As the journal editor, she oversees and reads all the issues. “Most Cairo Papers issues were eye-openers for me,” Hamdy admits. But evidently some more than others. Among the most interesting to her were Scenes of Schooling: Inside a girls’ school in Cairo (vol. 15, issue no. 1), Street Children in Egypt (vol. 26, issue no. 2), and Anthropology in Egypt: 1900–67: Culture, Function, and Reform (vol. 33, issue no. 2)—three issues, among others, that went out of stock very soon after they were published. “The first one gave me a detailed account of the so-called Islamic schools in Egypt back in the 1990s and the way they socialize children with regard to both religion and the state, which is totally different from what we learn and expect in our mainstream schools. The one on street children took me to a world I knew nothing about and gave me a much better understanding of what it means to live in the street. And finally, the history of anthropology in Egypt was a fascinating piece about the people who established the field in this country, and made me interested in reading their works to know more.”

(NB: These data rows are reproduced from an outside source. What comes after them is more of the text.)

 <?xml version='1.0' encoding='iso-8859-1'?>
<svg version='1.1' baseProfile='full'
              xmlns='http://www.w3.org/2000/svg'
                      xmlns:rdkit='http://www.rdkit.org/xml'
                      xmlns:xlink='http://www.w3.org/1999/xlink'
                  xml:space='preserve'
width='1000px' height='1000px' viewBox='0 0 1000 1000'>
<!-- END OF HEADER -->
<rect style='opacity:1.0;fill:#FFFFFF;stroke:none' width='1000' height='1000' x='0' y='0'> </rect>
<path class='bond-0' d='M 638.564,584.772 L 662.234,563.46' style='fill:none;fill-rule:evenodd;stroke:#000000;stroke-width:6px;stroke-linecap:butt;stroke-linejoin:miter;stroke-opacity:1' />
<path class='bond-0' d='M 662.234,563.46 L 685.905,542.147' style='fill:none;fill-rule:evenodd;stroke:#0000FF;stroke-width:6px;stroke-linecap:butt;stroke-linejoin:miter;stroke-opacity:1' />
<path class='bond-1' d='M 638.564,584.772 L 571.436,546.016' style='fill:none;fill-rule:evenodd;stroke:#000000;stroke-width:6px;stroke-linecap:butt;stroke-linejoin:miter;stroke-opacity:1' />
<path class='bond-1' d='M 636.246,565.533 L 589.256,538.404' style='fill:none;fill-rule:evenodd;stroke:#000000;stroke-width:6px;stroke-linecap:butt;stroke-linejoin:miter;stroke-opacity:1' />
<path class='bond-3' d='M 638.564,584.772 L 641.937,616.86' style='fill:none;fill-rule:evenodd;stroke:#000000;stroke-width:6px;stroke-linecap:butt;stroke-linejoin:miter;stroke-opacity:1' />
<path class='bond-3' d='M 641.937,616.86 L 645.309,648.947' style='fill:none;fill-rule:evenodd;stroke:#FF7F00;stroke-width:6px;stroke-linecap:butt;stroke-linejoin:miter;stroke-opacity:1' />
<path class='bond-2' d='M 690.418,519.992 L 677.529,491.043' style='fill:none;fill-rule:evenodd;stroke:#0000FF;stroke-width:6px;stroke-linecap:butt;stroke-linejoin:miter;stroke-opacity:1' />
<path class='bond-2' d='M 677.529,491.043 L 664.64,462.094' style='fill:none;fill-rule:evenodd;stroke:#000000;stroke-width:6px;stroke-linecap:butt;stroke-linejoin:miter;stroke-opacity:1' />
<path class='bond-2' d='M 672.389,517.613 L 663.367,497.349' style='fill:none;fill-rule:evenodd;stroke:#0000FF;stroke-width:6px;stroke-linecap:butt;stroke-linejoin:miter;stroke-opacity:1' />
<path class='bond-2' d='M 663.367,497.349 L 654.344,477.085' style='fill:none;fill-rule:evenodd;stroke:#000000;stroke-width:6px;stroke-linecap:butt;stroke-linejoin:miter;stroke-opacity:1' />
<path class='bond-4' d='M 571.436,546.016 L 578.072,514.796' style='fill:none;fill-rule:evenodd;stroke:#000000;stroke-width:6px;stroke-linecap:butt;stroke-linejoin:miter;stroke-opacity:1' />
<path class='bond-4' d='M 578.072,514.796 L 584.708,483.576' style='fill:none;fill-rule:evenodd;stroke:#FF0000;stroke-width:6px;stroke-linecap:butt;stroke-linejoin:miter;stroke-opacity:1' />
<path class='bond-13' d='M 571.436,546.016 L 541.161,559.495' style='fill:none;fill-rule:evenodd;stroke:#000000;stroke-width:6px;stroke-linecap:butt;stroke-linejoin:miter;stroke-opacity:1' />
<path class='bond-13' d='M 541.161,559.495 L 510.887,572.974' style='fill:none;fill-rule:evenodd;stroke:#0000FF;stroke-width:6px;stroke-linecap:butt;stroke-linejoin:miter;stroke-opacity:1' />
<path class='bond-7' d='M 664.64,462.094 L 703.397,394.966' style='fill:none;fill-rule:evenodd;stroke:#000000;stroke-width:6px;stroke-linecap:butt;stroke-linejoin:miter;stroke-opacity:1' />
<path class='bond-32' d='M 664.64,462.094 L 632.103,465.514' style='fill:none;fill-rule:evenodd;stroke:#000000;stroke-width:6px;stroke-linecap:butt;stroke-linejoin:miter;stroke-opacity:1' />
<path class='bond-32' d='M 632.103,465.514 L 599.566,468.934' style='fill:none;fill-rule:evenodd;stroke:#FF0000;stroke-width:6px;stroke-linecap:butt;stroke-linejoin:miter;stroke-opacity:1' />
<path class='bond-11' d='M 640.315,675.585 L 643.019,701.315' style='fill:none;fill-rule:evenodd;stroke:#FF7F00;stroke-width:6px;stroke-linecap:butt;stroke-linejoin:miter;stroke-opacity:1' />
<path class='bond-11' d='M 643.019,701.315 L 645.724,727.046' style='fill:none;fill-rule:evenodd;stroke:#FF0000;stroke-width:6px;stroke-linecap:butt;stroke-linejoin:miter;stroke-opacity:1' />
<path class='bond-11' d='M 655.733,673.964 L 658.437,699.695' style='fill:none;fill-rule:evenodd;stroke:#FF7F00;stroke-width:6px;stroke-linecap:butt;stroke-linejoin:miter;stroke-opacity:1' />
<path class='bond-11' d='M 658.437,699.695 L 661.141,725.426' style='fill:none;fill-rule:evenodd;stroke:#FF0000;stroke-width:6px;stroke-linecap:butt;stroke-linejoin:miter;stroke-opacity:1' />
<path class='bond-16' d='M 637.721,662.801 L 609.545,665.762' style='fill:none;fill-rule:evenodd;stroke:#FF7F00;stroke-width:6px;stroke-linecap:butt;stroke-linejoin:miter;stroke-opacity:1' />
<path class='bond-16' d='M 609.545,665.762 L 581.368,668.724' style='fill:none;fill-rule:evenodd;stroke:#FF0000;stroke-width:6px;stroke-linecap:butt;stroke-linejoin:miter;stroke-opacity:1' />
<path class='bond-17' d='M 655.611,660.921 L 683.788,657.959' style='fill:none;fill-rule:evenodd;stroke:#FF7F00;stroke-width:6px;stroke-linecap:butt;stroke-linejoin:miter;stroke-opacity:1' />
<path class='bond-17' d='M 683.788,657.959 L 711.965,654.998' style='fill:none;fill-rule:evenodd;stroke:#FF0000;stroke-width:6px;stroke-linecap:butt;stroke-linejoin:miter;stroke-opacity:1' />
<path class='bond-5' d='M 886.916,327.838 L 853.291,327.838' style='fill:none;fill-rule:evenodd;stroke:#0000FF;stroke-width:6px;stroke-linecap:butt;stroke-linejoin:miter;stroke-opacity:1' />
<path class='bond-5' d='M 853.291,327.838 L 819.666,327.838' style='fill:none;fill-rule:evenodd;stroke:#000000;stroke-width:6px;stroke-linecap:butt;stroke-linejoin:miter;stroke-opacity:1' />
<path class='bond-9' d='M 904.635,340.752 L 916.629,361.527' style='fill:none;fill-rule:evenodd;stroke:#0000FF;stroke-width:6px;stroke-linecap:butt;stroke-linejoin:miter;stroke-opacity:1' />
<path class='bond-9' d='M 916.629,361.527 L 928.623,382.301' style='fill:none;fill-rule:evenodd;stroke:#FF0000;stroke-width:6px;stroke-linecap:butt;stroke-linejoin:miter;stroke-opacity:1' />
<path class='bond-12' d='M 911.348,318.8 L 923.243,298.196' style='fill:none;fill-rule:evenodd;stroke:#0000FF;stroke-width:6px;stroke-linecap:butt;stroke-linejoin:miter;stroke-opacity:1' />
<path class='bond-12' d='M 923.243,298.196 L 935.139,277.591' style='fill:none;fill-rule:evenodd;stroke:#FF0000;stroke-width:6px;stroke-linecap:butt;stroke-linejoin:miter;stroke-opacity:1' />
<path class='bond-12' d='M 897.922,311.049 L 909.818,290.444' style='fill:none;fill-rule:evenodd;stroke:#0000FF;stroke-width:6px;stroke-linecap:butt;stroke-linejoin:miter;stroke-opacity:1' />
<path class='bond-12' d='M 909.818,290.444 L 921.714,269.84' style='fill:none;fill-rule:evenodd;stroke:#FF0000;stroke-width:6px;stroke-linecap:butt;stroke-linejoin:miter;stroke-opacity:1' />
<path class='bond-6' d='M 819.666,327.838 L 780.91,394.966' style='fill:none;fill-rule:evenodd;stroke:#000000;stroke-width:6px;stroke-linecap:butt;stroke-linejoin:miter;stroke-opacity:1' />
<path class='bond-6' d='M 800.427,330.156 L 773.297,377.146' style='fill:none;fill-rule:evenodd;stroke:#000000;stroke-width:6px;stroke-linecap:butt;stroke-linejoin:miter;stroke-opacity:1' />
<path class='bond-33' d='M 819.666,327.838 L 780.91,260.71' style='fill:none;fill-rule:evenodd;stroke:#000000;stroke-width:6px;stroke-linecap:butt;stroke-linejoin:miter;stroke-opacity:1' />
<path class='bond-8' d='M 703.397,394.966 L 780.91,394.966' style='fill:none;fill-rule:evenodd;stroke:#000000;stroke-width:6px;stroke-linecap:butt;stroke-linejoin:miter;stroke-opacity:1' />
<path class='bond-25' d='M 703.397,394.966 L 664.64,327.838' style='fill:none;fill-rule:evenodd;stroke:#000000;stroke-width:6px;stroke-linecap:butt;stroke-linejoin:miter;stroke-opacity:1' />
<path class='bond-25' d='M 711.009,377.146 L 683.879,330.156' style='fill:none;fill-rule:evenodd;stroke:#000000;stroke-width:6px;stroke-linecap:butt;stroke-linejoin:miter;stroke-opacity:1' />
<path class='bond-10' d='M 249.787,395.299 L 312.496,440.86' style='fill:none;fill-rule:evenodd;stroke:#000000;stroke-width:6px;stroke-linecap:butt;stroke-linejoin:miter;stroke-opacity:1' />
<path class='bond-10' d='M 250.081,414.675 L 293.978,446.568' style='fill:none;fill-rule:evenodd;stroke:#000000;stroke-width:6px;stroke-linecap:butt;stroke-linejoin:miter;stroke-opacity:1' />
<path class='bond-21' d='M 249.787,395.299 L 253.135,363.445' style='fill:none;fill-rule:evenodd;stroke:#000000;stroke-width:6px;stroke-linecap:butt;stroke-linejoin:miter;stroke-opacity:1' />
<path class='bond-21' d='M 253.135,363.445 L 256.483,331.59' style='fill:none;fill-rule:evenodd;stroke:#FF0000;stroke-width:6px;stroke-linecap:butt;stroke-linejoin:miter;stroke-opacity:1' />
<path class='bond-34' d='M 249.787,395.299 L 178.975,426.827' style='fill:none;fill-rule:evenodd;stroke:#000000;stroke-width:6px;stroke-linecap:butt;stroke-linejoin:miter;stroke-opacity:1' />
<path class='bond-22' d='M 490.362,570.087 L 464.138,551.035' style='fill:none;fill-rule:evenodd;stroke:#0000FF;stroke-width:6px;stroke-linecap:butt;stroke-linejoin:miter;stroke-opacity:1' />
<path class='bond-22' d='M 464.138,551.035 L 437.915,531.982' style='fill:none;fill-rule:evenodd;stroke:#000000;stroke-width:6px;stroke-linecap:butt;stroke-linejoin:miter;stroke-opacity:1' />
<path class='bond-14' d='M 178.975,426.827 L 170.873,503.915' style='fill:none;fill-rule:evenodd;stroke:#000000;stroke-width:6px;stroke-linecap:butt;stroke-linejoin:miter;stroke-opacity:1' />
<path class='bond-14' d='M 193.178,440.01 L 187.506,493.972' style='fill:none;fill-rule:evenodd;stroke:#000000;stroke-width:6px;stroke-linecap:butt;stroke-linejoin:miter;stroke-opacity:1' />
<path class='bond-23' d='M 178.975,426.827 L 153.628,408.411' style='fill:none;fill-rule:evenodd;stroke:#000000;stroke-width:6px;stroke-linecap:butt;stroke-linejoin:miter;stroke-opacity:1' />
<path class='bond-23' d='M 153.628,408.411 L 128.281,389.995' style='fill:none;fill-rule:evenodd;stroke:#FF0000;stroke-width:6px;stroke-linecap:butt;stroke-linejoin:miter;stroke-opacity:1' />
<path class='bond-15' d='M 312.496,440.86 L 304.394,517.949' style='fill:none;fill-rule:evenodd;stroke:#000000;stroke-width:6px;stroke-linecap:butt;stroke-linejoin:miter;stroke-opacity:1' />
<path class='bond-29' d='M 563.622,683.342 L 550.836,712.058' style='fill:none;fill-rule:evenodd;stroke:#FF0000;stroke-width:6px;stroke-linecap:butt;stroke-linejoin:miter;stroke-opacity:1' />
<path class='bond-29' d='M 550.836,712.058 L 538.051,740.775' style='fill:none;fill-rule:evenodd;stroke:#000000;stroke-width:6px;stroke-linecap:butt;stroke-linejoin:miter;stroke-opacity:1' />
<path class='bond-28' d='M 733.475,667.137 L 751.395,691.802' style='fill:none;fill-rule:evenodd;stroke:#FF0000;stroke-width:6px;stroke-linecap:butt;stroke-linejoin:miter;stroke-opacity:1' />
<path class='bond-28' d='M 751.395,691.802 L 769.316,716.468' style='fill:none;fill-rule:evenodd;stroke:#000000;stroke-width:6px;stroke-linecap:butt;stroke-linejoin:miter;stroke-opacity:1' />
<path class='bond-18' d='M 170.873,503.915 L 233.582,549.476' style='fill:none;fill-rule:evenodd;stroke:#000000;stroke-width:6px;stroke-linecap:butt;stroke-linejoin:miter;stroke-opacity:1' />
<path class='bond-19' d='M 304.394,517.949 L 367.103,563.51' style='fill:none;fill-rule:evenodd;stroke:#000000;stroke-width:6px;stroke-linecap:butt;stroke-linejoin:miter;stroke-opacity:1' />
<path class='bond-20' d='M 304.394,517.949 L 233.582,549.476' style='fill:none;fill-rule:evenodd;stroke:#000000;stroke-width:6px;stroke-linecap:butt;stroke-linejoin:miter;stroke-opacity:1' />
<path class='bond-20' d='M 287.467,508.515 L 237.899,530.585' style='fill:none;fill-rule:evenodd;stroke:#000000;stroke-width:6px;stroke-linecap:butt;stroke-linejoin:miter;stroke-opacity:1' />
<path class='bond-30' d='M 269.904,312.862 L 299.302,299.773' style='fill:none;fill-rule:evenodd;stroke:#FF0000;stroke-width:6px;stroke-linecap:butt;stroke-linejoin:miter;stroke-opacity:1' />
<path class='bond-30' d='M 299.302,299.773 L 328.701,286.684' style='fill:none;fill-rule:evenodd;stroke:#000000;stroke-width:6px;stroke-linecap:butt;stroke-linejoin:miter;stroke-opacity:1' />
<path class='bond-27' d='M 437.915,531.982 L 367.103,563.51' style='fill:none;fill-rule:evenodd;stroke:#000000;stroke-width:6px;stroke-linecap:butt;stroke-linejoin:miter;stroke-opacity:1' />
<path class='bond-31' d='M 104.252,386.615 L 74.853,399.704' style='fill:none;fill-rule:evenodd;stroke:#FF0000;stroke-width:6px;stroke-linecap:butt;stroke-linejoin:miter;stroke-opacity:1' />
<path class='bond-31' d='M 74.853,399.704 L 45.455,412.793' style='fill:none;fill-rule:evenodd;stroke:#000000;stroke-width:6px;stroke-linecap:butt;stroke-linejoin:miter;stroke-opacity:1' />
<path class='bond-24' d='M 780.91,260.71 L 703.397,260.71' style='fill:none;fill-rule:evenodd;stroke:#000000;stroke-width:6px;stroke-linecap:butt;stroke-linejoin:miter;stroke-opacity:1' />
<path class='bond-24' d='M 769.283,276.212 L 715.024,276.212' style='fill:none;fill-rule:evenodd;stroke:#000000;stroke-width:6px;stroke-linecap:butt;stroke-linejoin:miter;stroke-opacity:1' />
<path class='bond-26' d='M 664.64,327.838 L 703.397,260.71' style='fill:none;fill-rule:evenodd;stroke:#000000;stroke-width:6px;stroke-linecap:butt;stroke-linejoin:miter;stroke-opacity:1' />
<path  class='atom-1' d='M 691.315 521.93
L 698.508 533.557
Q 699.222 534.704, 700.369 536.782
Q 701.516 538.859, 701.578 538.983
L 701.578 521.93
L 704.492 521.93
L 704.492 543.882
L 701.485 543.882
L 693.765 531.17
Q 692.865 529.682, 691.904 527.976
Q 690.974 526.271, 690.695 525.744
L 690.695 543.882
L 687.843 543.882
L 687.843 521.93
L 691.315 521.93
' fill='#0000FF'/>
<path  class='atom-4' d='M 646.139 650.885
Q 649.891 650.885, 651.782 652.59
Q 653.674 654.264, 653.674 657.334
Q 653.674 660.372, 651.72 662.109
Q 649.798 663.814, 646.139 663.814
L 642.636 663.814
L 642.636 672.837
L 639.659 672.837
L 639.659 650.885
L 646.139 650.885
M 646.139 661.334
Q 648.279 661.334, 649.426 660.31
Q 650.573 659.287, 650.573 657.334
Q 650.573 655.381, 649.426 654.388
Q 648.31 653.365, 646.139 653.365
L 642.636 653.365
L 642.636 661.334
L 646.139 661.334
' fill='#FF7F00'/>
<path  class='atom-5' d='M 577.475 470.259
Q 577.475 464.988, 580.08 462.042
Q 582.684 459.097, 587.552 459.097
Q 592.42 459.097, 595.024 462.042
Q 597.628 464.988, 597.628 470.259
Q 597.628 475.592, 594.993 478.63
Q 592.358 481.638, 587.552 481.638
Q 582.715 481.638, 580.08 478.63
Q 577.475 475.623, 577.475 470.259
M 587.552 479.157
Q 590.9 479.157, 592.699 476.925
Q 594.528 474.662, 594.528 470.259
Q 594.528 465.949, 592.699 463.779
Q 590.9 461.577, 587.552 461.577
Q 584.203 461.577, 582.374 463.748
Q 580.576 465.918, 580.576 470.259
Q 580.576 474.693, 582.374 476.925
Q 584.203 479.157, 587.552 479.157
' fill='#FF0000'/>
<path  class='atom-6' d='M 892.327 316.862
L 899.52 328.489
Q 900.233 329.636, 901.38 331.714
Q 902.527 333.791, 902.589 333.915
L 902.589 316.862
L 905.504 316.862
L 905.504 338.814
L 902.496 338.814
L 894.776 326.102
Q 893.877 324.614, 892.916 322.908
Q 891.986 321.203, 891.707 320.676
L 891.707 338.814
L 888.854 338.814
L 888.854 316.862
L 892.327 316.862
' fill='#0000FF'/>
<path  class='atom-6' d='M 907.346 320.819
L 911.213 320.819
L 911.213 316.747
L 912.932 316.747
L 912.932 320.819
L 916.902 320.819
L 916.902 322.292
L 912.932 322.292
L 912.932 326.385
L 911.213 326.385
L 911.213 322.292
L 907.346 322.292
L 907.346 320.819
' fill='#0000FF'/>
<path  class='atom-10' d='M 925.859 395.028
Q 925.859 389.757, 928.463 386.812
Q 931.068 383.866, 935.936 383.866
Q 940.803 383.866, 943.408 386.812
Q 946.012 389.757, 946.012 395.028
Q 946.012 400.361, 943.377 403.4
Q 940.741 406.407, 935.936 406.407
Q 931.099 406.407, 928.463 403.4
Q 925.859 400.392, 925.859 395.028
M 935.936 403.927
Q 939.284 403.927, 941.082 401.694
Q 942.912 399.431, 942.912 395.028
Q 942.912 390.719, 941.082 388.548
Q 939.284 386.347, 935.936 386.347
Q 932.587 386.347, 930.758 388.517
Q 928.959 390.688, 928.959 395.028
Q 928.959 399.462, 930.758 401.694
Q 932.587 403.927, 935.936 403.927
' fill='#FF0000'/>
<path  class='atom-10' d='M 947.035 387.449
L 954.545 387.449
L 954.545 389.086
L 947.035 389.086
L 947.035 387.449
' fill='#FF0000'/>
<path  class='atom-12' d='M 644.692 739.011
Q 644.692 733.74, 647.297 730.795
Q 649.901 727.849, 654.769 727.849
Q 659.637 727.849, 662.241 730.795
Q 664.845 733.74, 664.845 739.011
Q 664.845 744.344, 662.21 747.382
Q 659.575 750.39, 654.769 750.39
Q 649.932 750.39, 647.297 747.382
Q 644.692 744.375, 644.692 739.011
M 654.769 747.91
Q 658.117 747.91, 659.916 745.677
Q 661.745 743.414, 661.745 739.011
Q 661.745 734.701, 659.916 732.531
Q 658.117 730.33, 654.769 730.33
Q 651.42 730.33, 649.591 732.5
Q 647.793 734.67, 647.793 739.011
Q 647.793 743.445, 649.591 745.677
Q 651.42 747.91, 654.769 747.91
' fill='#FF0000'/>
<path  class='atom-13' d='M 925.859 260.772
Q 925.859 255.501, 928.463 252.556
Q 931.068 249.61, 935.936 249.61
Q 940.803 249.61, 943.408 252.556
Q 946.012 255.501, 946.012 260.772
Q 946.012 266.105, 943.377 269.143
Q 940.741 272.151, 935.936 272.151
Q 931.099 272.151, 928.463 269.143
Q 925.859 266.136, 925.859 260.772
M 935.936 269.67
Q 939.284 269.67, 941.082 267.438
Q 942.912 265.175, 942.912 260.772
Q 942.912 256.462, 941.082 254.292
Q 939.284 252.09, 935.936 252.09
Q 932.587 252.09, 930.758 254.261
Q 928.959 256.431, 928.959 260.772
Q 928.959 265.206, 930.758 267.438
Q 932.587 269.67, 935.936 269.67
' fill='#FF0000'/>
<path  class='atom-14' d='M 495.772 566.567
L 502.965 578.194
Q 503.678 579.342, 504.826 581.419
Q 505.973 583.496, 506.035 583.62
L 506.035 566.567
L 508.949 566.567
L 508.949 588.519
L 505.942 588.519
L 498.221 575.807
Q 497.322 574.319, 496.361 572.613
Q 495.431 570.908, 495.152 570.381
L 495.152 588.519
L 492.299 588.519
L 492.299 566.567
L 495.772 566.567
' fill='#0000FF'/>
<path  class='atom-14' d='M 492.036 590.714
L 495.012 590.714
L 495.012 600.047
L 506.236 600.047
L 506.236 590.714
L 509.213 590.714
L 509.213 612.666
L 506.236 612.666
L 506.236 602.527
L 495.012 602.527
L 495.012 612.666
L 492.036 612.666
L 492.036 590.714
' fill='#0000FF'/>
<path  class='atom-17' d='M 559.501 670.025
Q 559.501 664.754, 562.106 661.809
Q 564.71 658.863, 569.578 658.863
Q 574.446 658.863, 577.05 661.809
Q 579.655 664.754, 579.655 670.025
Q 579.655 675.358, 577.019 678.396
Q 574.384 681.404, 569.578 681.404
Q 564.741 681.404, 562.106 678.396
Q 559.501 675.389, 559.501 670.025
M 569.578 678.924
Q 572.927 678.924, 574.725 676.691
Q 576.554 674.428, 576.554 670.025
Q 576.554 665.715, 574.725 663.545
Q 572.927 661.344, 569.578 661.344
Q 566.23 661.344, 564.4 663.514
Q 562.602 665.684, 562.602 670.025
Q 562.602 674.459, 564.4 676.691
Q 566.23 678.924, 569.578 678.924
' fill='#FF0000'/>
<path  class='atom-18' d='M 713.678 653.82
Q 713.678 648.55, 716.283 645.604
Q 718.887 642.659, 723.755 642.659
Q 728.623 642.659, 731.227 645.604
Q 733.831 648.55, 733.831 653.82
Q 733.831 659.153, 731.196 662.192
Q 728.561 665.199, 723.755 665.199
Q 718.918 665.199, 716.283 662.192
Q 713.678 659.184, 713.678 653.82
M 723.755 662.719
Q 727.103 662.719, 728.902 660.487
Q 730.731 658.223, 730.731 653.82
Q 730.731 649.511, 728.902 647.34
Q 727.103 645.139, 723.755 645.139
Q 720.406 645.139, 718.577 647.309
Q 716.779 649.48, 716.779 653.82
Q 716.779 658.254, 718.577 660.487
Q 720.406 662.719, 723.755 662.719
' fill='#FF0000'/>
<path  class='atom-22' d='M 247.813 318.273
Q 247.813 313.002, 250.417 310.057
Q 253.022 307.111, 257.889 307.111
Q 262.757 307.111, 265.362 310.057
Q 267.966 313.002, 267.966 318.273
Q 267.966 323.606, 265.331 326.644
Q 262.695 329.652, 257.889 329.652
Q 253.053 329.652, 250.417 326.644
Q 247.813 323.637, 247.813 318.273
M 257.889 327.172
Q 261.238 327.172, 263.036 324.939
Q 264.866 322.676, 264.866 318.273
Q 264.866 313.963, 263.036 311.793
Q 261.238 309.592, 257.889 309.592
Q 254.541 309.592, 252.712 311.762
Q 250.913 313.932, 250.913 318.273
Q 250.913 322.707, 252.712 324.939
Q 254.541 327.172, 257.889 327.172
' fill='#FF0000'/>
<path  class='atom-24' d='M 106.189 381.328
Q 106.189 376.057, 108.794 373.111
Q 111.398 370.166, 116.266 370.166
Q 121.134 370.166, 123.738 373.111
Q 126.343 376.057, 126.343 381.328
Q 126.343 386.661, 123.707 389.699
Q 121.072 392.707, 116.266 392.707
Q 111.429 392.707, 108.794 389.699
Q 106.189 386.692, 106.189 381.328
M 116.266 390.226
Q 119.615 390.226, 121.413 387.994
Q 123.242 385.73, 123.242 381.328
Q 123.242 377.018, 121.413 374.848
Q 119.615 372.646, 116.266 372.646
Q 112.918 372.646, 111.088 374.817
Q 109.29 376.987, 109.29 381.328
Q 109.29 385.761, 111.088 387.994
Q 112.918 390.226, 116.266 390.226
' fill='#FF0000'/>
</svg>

Every year the CPSS holds its Annual Symposium—now in its 28th year. “The symposium has been a valuable addition to Cairo Papers, as it has given us the chance to publish research in newly navigated areas such as the issues on sports in the Middle East and the food question in the Middle East,” said Hamdy.
The symposium came about in 1991, when Professor Dan Tschirgi, who was the editor of Cairo Papers at the time, suggested that a small symposium be held to debate, from an academic point of view, the Gulf crisis, following Saddam Hussein’s invasion of Kuwait. From that year on, the board decided to make the symposium an annual event and to publish the papers presented in it as a Cairo Papers issue. “Chosen themes covered timely and understudied topics, and participants were selected by the organizers from the local and international arenas in order to allow for a fruitful exchange of ideas related to the relevant topic,” says Hamdy, stressing that “the symposium is multi-disciplinary and tries to provide a comparative perspective for the issue in question by bringing research from more than one place in the Middle East.”
Next month, the CPSS will hold a fascinating and unusual symposium. It will focus on just one city: Cairo: A City in Mutation. “There are so many changes going on in the urban landscape, political economy, and social relations in Cairo that we chose to dedicate the whole event to discussing and analyzing these transformations in terms of their implications for Egypt as well as being a showcase for other mega-cities across the world,” says Hamdy.